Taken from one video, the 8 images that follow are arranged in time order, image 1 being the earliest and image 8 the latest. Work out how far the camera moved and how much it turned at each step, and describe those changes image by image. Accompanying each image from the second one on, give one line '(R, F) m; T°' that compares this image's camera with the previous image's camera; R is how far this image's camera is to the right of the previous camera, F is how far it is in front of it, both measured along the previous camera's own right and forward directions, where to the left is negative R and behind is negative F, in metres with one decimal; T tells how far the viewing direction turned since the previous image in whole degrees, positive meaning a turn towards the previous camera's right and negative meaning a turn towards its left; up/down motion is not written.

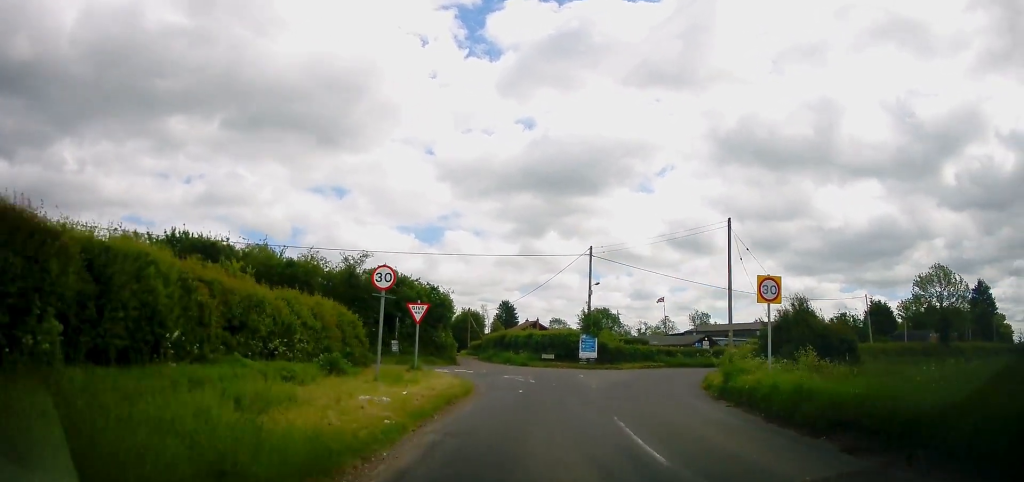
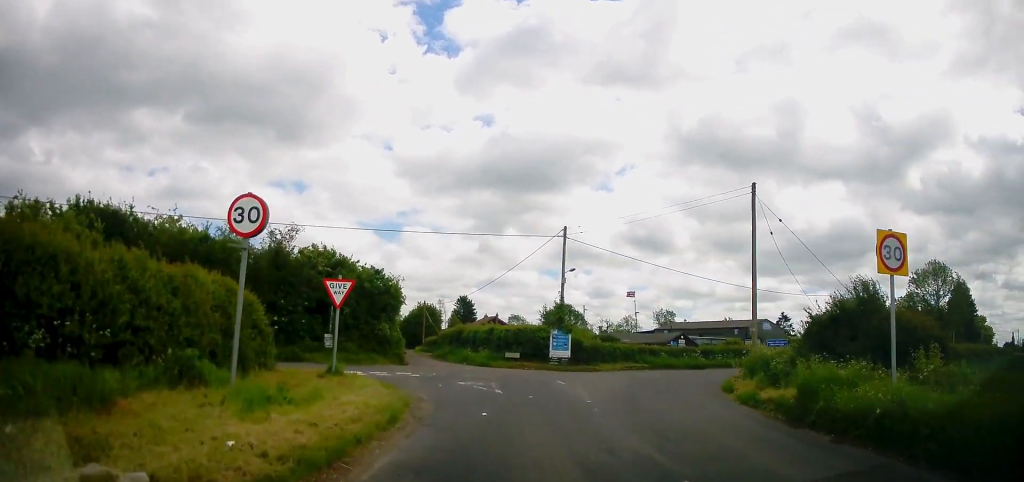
(0.0, +6.5) m; +3°
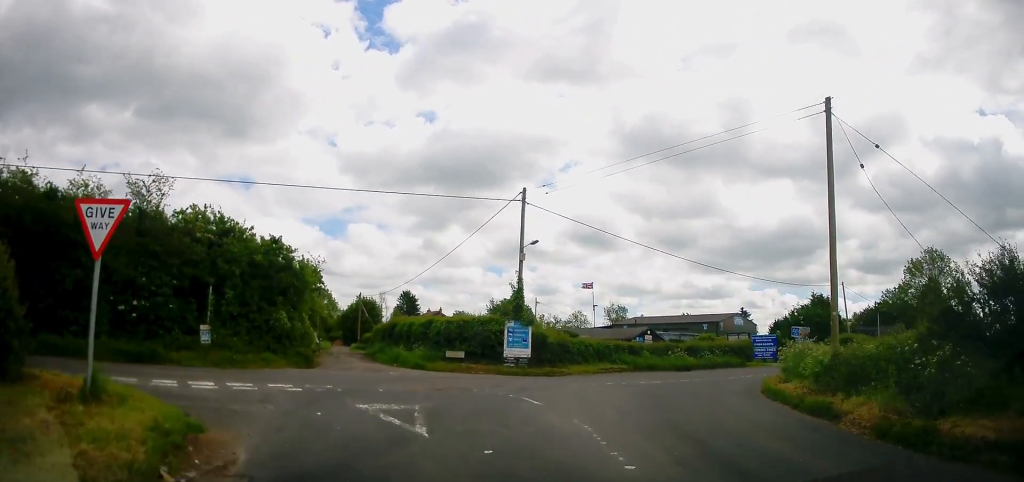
(+0.4, +8.5) m; +6°
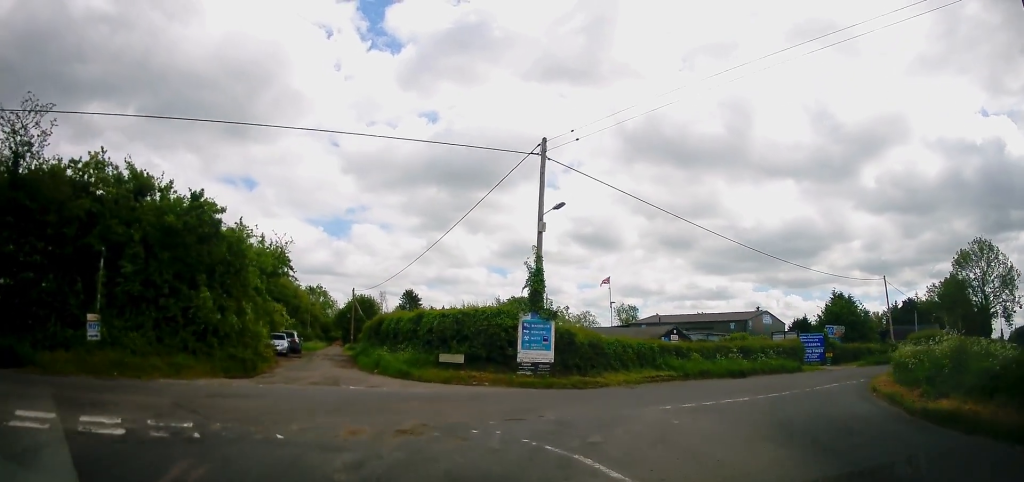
(+0.2, +7.3) m; 0°
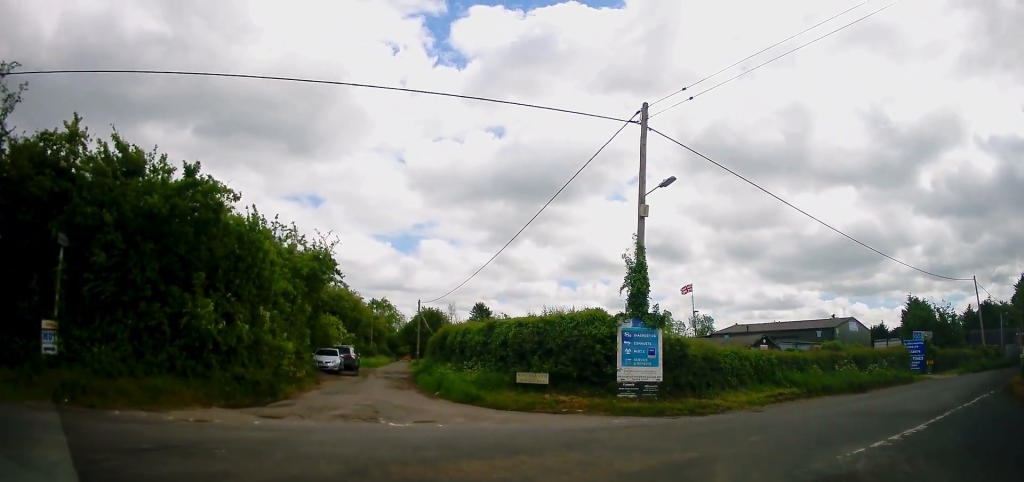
(-0.3, +4.4) m; -4°
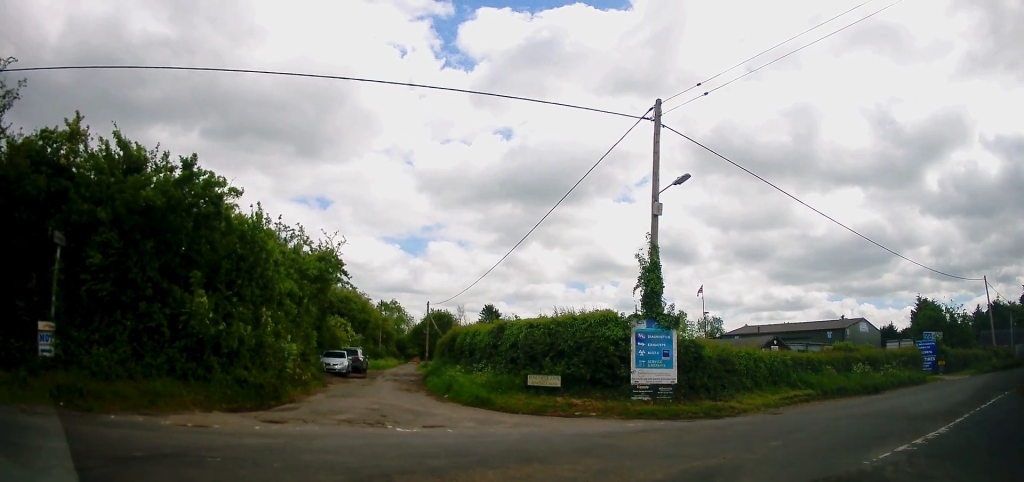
(-0.2, +0.3) m; 0°
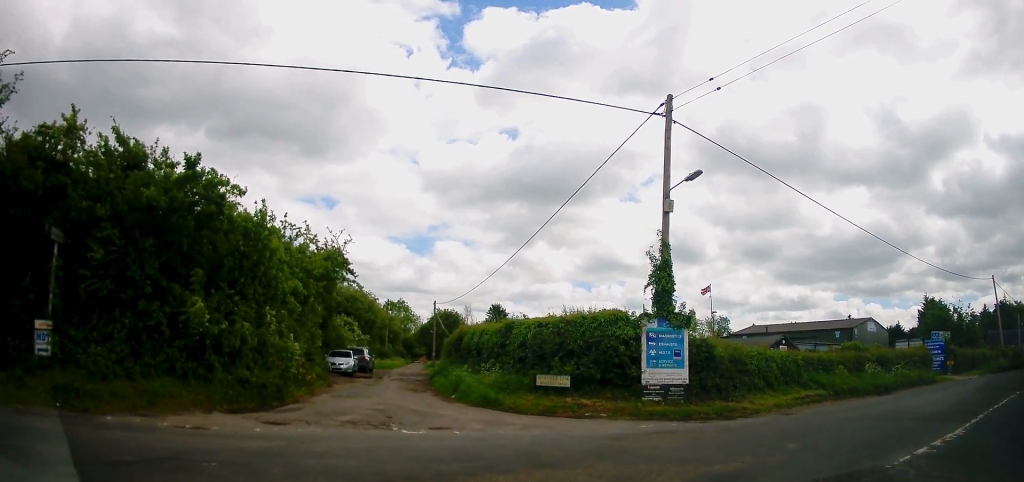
(-0.1, +0.1) m; 0°
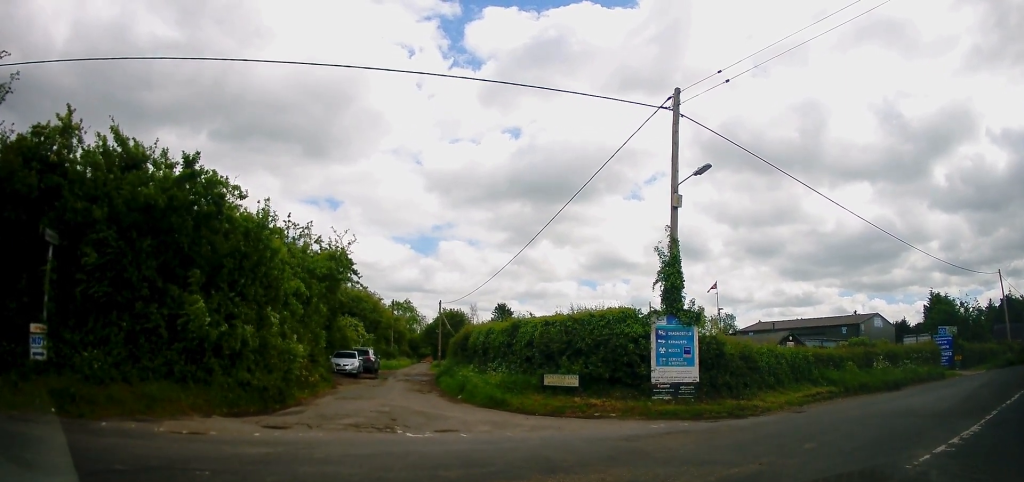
(-0.1, +0.1) m; 0°

*Exercise prompt*
Return the listing above in full and unaltered. Keep the pictures out.

*Answer for the task*
Taken from one video, the 8 images that follow are arranged in time order, image 1 being the earliest and image 8 the latest. Work out how far the camera moved and how much it turned at each step, and describe those changes image by image. Accompanying each image from the second one on, give one line '(R, F) m; T°' that compares this image's camera with the previous image's camera; R is how far this image's camera is to the right of the previous camera, F is how far it is in front of it, both measured along the previous camera's own right and forward directions, where to the left is negative R and behind is negative F, in metres with one decimal; T tells how far the viewing direction turned since the previous image in whole degrees, positive meaning a turn towards the previous camera's right and negative meaning a turn towards its left; up/down motion is not written.

(0.0, +6.5) m; +3°
(+0.4, +8.5) m; +6°
(+0.2, +7.3) m; 0°
(-0.3, +4.4) m; -4°
(-0.2, +0.3) m; 0°
(-0.1, +0.1) m; 0°
(-0.1, +0.1) m; 0°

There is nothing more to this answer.